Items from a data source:
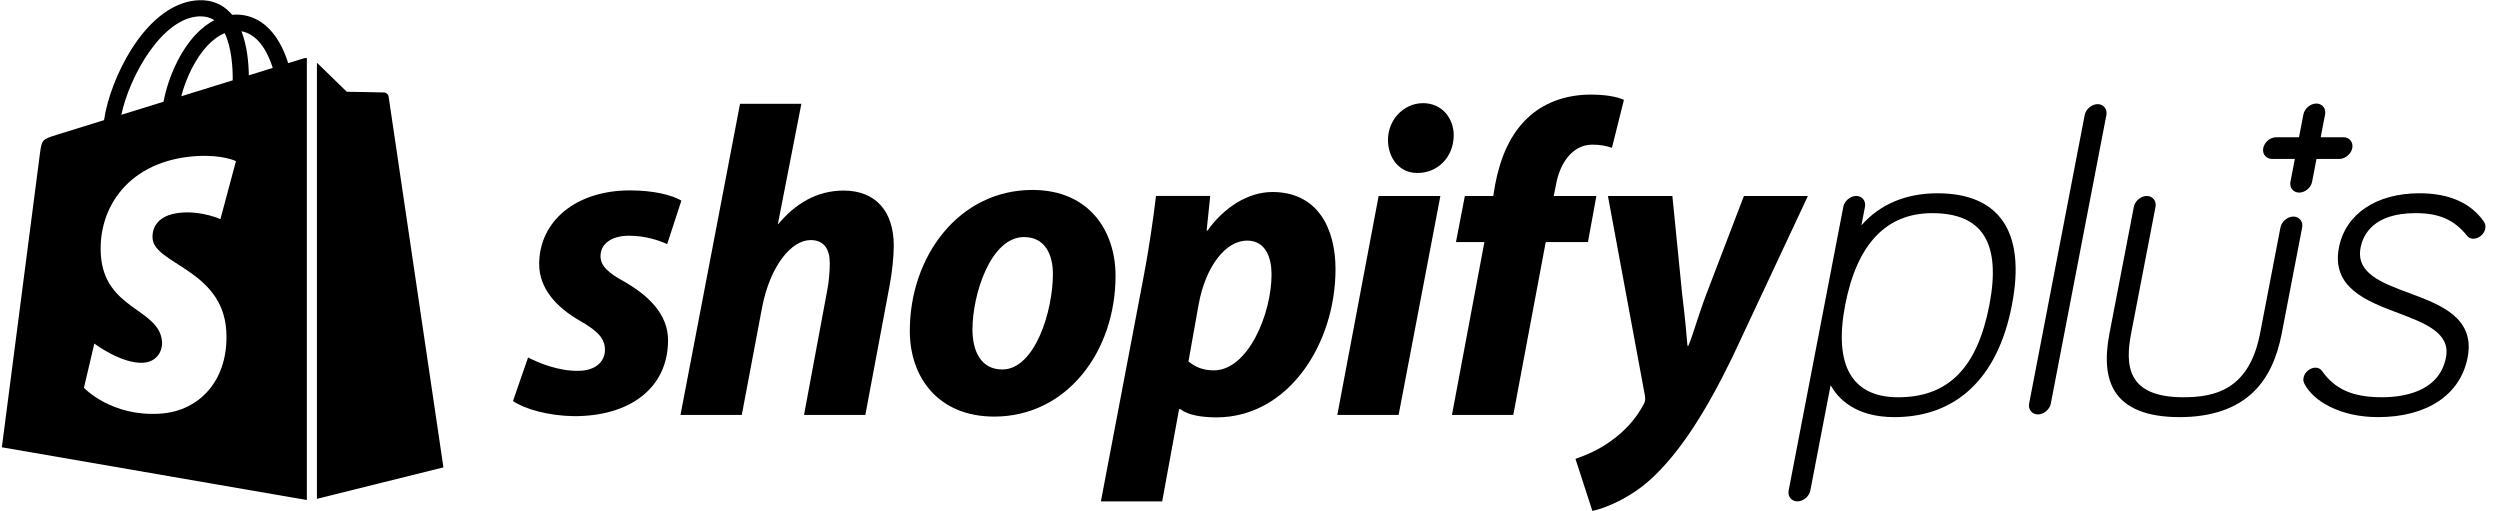 <svg width="137" height="28" viewBox="0 0 137 28" fill="none" xmlns="http://www.w3.org/2000/svg">
<g id="shopify plus SVG">
<path id="Vector" d="M106.172 10.592C104.438 10.592 103.016 11.195 102.005 12.349L102.201 11.332C102.262 11.01 102.043 10.738 101.721 10.738C101.4 10.738 101.075 11.01 101.014 11.332L98.018 26.882C97.957 27.204 98.176 27.476 98.498 27.476C98.819 27.476 99.144 27.204 99.206 26.882L100.318 21.107C100.727 21.845 101.677 22.858 103.81 22.858C105.478 22.858 106.877 22.345 107.969 21.332C109.096 20.288 109.865 18.734 110.254 16.712C110.644 14.691 110.472 13.141 109.746 12.103C109.044 11.101 107.841 10.592 106.172 10.592ZM104.02 21.77C101.483 21.77 100.479 20.021 101.116 16.713C101.76 13.374 103.365 11.681 105.889 11.681C108.647 11.681 109.67 13.327 109.018 16.713C108.353 20.163 106.765 21.77 104.02 21.77Z" fill="black"/>
<path id="Vector_2" d="M132.016 16.056C130.512 15.498 129.09 14.971 129.361 13.569C129.496 12.864 130.068 11.68 132.373 11.68C133.668 11.68 134.485 12.038 135.194 12.917C135.327 13.081 135.478 13.081 135.543 13.081C135.837 13.081 136.135 12.832 136.192 12.536C136.223 12.376 136.193 12.281 136.122 12.155C136.119 12.15 136.116 12.145 136.113 12.14C135.394 11.112 134.206 10.591 132.583 10.591C130.217 10.591 128.528 11.732 128.173 13.568C127.75 15.766 129.696 16.502 131.413 17.151C132.897 17.712 134.299 18.242 134.04 19.587C133.674 21.485 131.683 21.769 130.528 21.769C128.936 21.769 127.954 21.336 127.241 20.321C127.239 20.318 127.236 20.314 127.234 20.311C127.146 20.203 127.028 20.148 126.886 20.148C126.623 20.148 126.299 20.367 126.236 20.692C126.205 20.852 126.236 20.946 126.306 21.073C126.78 21.96 128.206 22.858 130.319 22.858C132.998 22.858 134.833 21.635 135.227 19.587C135.649 17.402 133.718 16.687 132.016 16.056Z" fill="black"/>
<path id="Vector_3" d="M128.427 7.521H127.174L127.415 6.268C127.477 5.946 127.258 5.674 126.936 5.674C126.614 5.674 126.289 5.946 126.227 6.268L125.986 7.521H124.733C124.411 7.521 124.087 7.793 124.025 8.115C123.963 8.437 124.183 8.709 124.505 8.709H125.758L125.516 9.962C125.454 10.284 125.674 10.555 125.995 10.555C126.317 10.555 126.642 10.284 126.703 9.962L126.944 8.709H128.197C128.519 8.709 128.843 8.437 128.905 8.115C128.969 7.794 128.749 7.521 128.427 7.521Z" fill="black"/>
<path id="Vector_4" d="M28.938 19.59C29.547 19.906 30.643 20.344 31.69 20.32C32.64 20.32 33.151 19.808 33.151 19.176C33.151 18.567 32.786 18.154 31.763 17.569C30.497 16.838 29.547 15.815 29.547 14.476C29.547 12.114 31.568 10.434 34.514 10.434C35.805 10.434 36.803 10.677 37.339 10.994L36.56 13.38C36.097 13.161 35.343 12.918 34.466 12.918C33.516 12.918 32.908 13.356 32.908 14.038C32.908 14.573 33.346 14.963 34.198 15.426C35.513 16.181 36.609 17.204 36.609 18.64C36.609 21.319 34.442 22.829 31.422 22.805C30.034 22.781 28.743 22.415 28.111 21.977L28.938 19.59Z" fill="black"/>
<path id="Vector_5" d="M37.291 22.739L40.554 5.688H43.915L42.624 12.298L42.672 12.254C43.573 11.183 44.742 10.443 46.227 10.443C47.981 10.443 48.979 11.571 48.979 13.47C48.979 14.055 48.881 14.999 48.735 15.731L47.42 22.739H44.06L45.326 15.941C45.422 15.478 45.472 14.879 45.472 14.417C45.472 13.687 45.18 13.156 44.425 13.156C43.353 13.156 42.209 14.587 41.771 16.804L40.65 22.739H37.291V22.739Z" fill="black"/>
<path id="Vector_6" d="M61.132 15.109C61.132 19.273 58.453 22.829 54.484 22.829C51.464 22.829 49.857 20.734 49.857 18.129C49.857 14.062 52.537 10.409 56.578 10.409C59.72 10.409 61.132 12.698 61.132 15.109ZM53.291 18.056C53.291 19.273 53.778 20.247 54.923 20.247C56.7 20.247 57.699 17.081 57.699 15.012C57.699 14.013 57.309 12.991 56.116 12.991C54.289 12.99 53.291 16.131 53.291 18.056Z" fill="black"/>
<path id="Vector_7" d="M60.329 27.475L62.666 15.186C62.935 13.798 63.202 12.002 63.348 10.738H66.32L66.124 12.633H66.173C67.073 11.37 68.389 10.522 69.728 10.522C72.187 10.522 73.186 12.486 73.186 14.751C73.186 18.843 70.605 22.872 66.66 22.872C65.832 22.872 65.077 22.738 64.687 22.422H64.614L63.688 27.475H60.329ZM65.127 19.809C65.492 20.101 65.906 20.296 66.515 20.296C68.391 20.296 69.681 17.203 69.681 15.036C69.681 14.135 69.365 13.185 68.342 13.185C67.173 13.185 66.077 14.574 65.688 16.668L65.127 19.809Z" fill="black"/>
<path id="Vector_8" d="M73.284 22.739L75.549 10.74H78.933L76.644 22.739H73.284ZM77.643 9.477C76.693 9.477 76.061 8.664 76.061 7.666C76.061 6.571 76.913 5.653 77.984 5.653C79.007 5.653 79.665 6.457 79.665 7.431C79.64 8.673 78.739 9.478 77.692 9.478L77.643 9.477Z" fill="black"/>
<path id="Vector_9" d="M79.567 22.739L81.345 13.266H79.787L80.274 10.74H81.832L81.93 10.136C82.198 8.724 82.733 7.289 83.878 6.315C84.778 5.536 85.972 5.184 87.166 5.184C87.994 5.184 88.602 5.3 88.992 5.471L88.335 8.098C88.043 8.001 87.702 7.926 87.263 7.926C86.142 7.926 85.46 8.992 85.266 10.137L85.144 10.74H87.482L87.019 13.266H84.706L82.928 22.739H79.567Z" fill="black"/>
<path id="Vector_10" d="M91.646 10.74L92.181 16.111C92.328 17.304 92.425 18.318 92.473 18.95H92.522C92.79 18.318 93.034 17.377 93.52 16.087L95.566 10.741H99.072L94.957 19.525C93.496 22.544 92.084 24.745 90.549 26.182C89.356 27.302 87.944 27.854 87.262 28L86.336 25.146C86.896 24.951 87.602 24.657 88.236 24.195C89.014 23.66 89.672 22.928 90.062 22.173C90.159 22.003 90.183 21.888 90.135 21.644L88.114 10.741L91.646 10.74Z" fill="black"/>
<path id="Vector_11" d="M125.678 11.868C125.356 11.868 125.032 12.14 124.97 12.462L123.835 18.356C123.219 21.359 121.375 21.769 119.646 21.769C116.533 21.769 116.455 19.995 116.788 18.26L118.123 11.333C118.185 11.011 117.965 10.739 117.644 10.739C117.322 10.739 116.997 11.011 116.935 11.333L115.601 18.26C115.332 19.657 115.428 20.699 115.895 21.446C116.48 22.383 117.672 22.858 119.436 22.858C121.2 22.858 122.575 22.382 123.522 21.446C124.276 20.699 124.774 19.657 125.042 18.26L126.159 12.462C126.219 12.14 126 11.868 125.678 11.868Z" fill="black"/>
<path id="Vector_12" d="M114.951 5.707C114.629 5.707 114.304 5.979 114.242 6.301L111.196 22.117C111.134 22.439 111.354 22.711 111.676 22.711C111.997 22.711 112.322 22.439 112.384 22.117L115.43 6.301C115.492 5.979 115.272 5.707 114.951 5.707Z" fill="black"/>
<g id="Group">
<path id="Vector_13" d="M16.612 3.207C16.61 3.207 16.306 3.301 15.792 3.461C15.706 3.182 15.579 2.84 15.399 2.496C14.818 1.387 13.967 0.8 12.939 0.799C12.937 0.799 12.937 0.799 12.935 0.799C12.864 0.799 12.793 0.805 12.722 0.811C12.692 0.775 12.661 0.739 12.628 0.705C12.181 0.226 11.605 -0.008 10.918 0.012C9.589 0.05 8.266 1.009 7.194 2.713C6.439 3.912 5.865 5.419 5.702 6.584C4.177 7.056 3.11 7.387 3.087 7.394C2.318 7.636 2.293 7.66 2.192 8.385C2.116 8.934 0.102 24.511 0.102 24.511L16.815 27.402V3.172C16.732 3.178 16.658 3.193 16.612 3.207ZM12.753 4.402C11.869 4.676 10.903 4.975 9.934 5.275C10.207 4.232 10.723 3.193 11.357 2.512C11.593 2.26 11.924 1.977 12.314 1.815C12.682 2.581 12.761 3.668 12.753 4.402ZM10.943 0.896C11.255 0.89 11.518 0.958 11.742 1.105C11.383 1.292 11.036 1.56 10.71 1.909C9.867 2.814 9.22 4.219 8.962 5.575C8.158 5.824 7.371 6.067 6.648 6.291C7.104 4.158 8.893 0.955 10.943 0.896ZM8.359 13.052C8.448 14.474 12.189 14.784 12.399 18.115C12.564 20.735 11.009 22.527 8.769 22.669C6.08 22.838 4.6 21.252 4.6 21.252L5.169 18.828C5.169 18.828 6.659 19.952 7.852 19.877C8.631 19.827 8.909 19.194 8.881 18.745C8.765 16.89 5.719 16.999 5.526 13.952C5.364 11.388 7.048 8.789 10.764 8.554C12.196 8.464 12.93 8.829 12.93 8.829L12.079 12.008C12.079 12.008 11.132 11.576 10.008 11.647C8.359 11.752 8.342 12.792 8.359 13.052ZM13.636 4.128C13.626 3.455 13.545 2.519 13.232 1.711C14.24 1.901 14.736 3.042 14.946 3.722C14.558 3.843 14.116 3.98 13.636 4.128Z" fill="black"/>
<path id="Vector_14" d="M17.367 27.336L24.3 25.612C24.3 25.612 21.315 5.429 21.296 5.29C21.277 5.152 21.156 5.075 21.056 5.067C20.957 5.058 19.004 5.029 19.004 5.029C19.004 5.029 17.814 3.874 17.367 3.436V27.336Z" fill="black"/>
</g>
</g>
</svg>
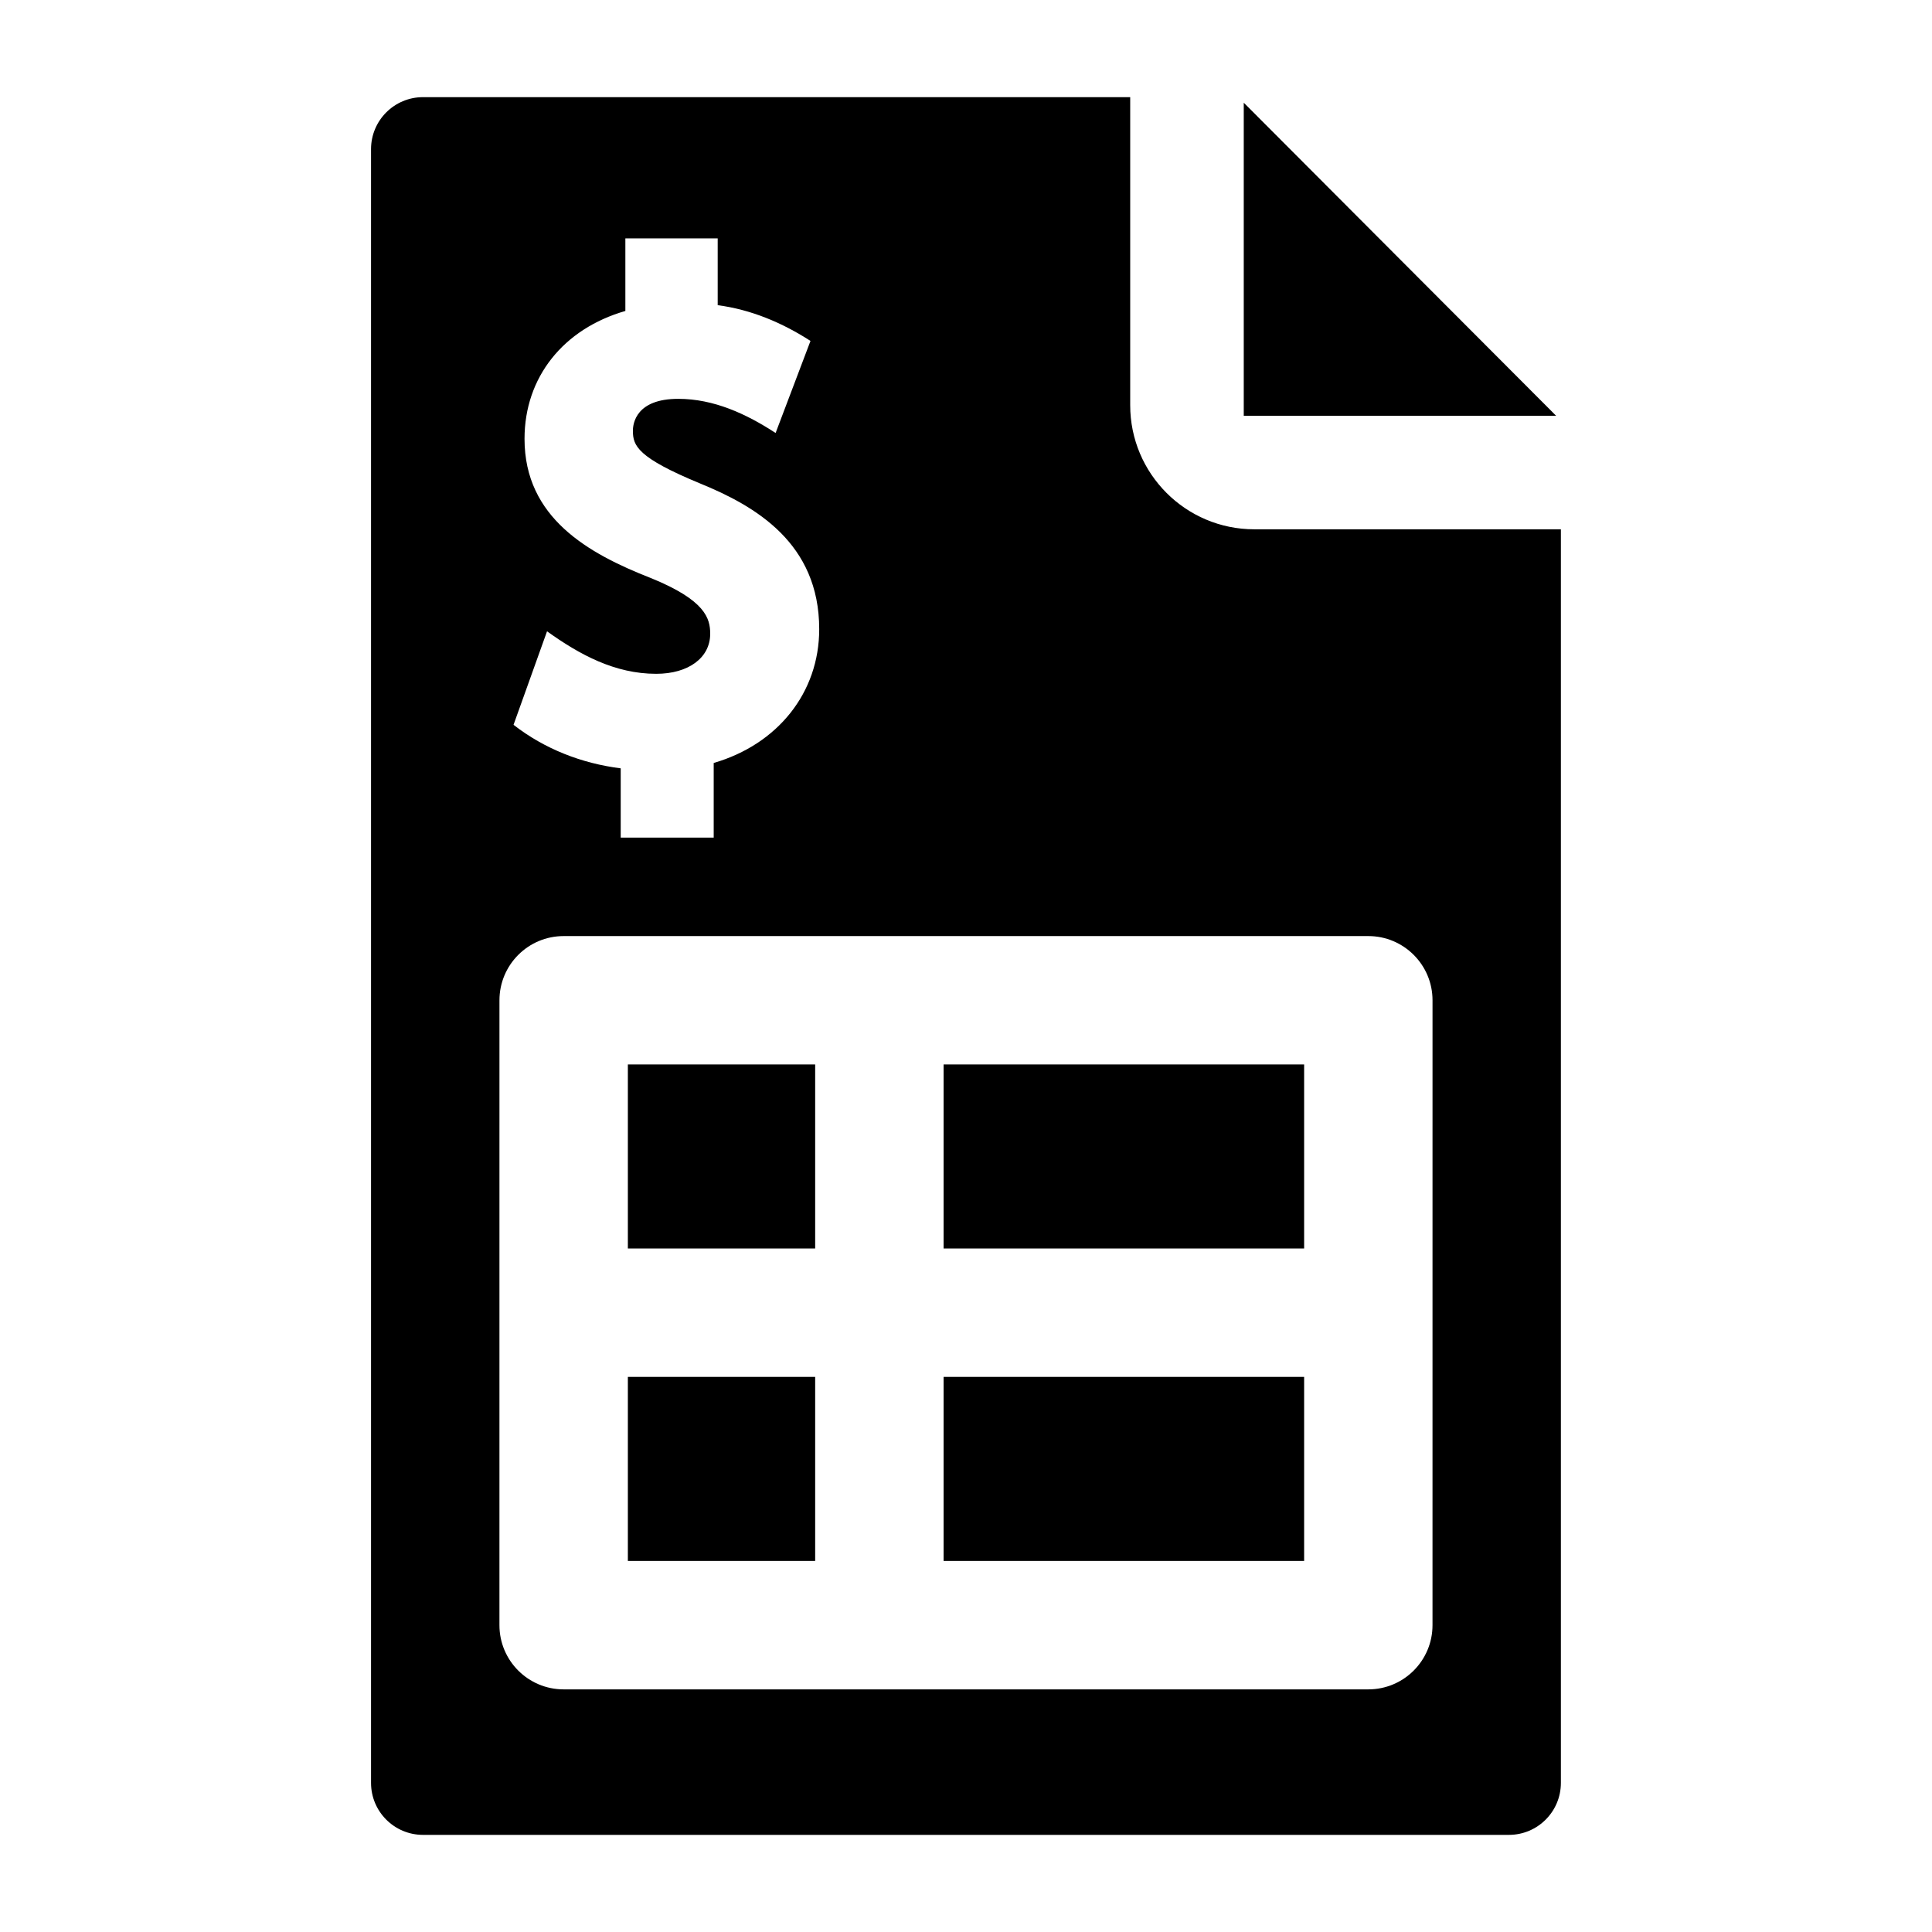 <?xml version="1.0" encoding="UTF-8"?>
<!-- Uploaded to: ICON Repo, www.svgrepo.com, Generator: ICON Repo Mixer Tools -->
<svg fill="#000000" width="800px" height="800px" version="1.1" viewBox="144 144 512 512" xmlns="http://www.w3.org/2000/svg">
 <g>
  <path d="m556.38 254.18-82.773-82.961v82.961z"/>
  <path d="m394.06 426.09h95.547v48.773h-95.547z"/>
  <path d="m310.39 426.09h49.637v48.773h-49.637z"/>
  <path d="m310.39 508.89h49.637v48.773h-49.637z"/>
  <path d="m476.41 284.27c-18.168 0-32.895-14.727-32.895-32.895v-81.629h-187.41c-7.609 0-13.777 6.168-13.777 13.777v432.96c0 7.609 6.168 13.777 13.777 13.777h287.77c7.609 0 13.777-6.168 13.777-13.777v-332.21zm-159.99 12.895c-16.488-6.465-33.414-15.926-33.414-36.871 0-16.34 10.309-29.156 26.723-33.887v-19.23h24.469v17.699c8.836 1.16 17.137 4.66 24.59 9.473l-9.242 24.398c-7.75-5.051-16.359-9.051-25.809-9.051-11.145 0-12.012 6.488-12.012 8.473 0 3.977 1.238 7.098 17.777 13.941 14.695 5.992 31.598 15.809 31.598 38.621 0 16.852-11.02 30.531-27.961 35.465v19.777h-24.645v-18.355c-10.332-1.297-20.184-5.137-28.402-11.531l8.879-24.785c8.617 6.18 17.953 11.266 28.926 11.266 8.562 0 14.312-4.258 14.312-10.598 0-4.062-1.223-8.898-15.789-14.805zm207.21 277.52c0 9.395-7.617 17.016-17.016 17.016h-213.24c-9.395 0-17.016-7.617-17.016-17.016l0.004-165.6c0-9.395 7.617-17.016 17.016-17.016h213.24c9.395 0 17.016 7.617 17.016 17.016z"/>
  <path d="m394.06 508.89h95.547v48.773h-95.547z"/>
 </g>
</svg>

## [YOUR OBJECTIVE]
Your reply should consist solely of the lines above, from the opening line through the line with "10.592C104.438 10.592 103.016", reproduced exactly and without pictures.

## [WRITTEN SOLUTION]
 <svg width="137" height="28" viewBox="0 0 137 28" fill="none" xmlns="http://www.w3.org/2000/svg">
<g id="shopify plus SVG">
<path id="Vector" d="M106.172 10.592C104.438 10.592 103.016 11.195 102.005 12.349L102.201 11.332C102.262 11.01 102.043 10.738 101.721 10.738C101.4 10.738 101.075 11.01 101.014 11.332L98.018 26.882C97.957 27.204 98.176 27.476 98.498 27.476C98.819 27.476 99.144 27.204 99.206 26.882L100.318 21.107C100.727 21.845 101.677 22.858 103.81 22.858C105.478 22.858 106.877 22.345 107.969 21.332C109.096 20.288 109.865 18.734 110.254 16.712C110.644 14.691 110.472 13.141 109.746 12.103C109.044 11.101 107.841 10.592 106.172 10.592ZM104.02 21.77C101.483 21.77 100.479 20.021 101.116 16.713C101.76 13.374 103.365 11.681 105.889 11.681C108.647 11.681 109.67 13.327 109.018 16.713C108.353 20.163 106.765 21.77 104.02 21.77Z" fill="black"/>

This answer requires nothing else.